Interesting new model for data sharing

Mike Schatz has posted an interesting paper on Biorxiv on ‘The next 20 years of genome research‘.

In it, he argues that in future ‘it will become less and less practical to transfer data into these [NCBI/EBI] archives as they exist today’ and that ‘In its place, we will see the rise of federated approaches for exchanging biological data, especially computing centers dedicated to large sequencing facilities…The major technical reason this model will become more widespread is that at large scales it is increasingly more efficient to upload code segments, often measured in kilobytes to megabytes, rather than to download entire large collections’.

He obviously points out that genome data is most powerful when aggregated and combined; ‘Therefore, the resources will have to establish common application programming interfaces (APIs) to enable remote access to their data…although even the most basic of federated tasks, so-called “Beacons” that identify if a resource has any individual with a particular mutation, are proving to be difficult to implement for mostly non-technical reasons’.
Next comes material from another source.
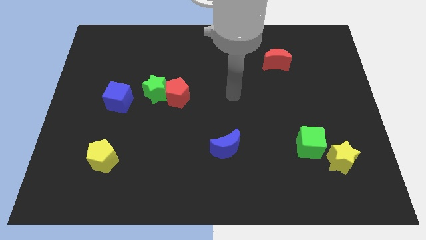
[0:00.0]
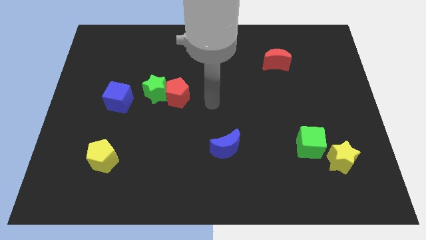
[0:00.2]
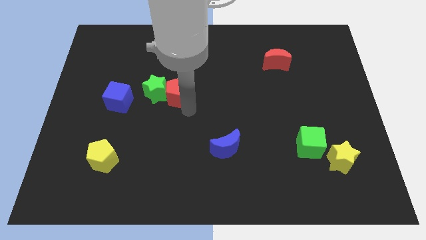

This got me thinking about how this relates to microbial genomics. Firstly, we don’t have the same problems of scale of transfer, seeing as our genomes are 1000x smaller than the humans. Therefore, it is arguable that the main technical reason for this ‘federalisation’ of sequencing repositories fades away. Secondly, standardising APIs across, what are essentially, competing consortia of sequencing entities, would be a major technical challenge. After all, standards are like toothbrushes, everyone has one but no one wants to use someone elses.

Thirdly, even if there is agreement on the technical aspects, the non-technical reasons he alludes to, the personality clashes that often seem to occur at the top of fields, as well as different cultures and legal obligations, could put the kibosh on this. I worry that people will use this document as a shield for not sharing data at all (I’m sure this isn’t what Mike is getting at).

BTW, things in biorxiv are under CC-BY-NC 4.0 license. According to that license, I’m supposed to link to the license when I use the content.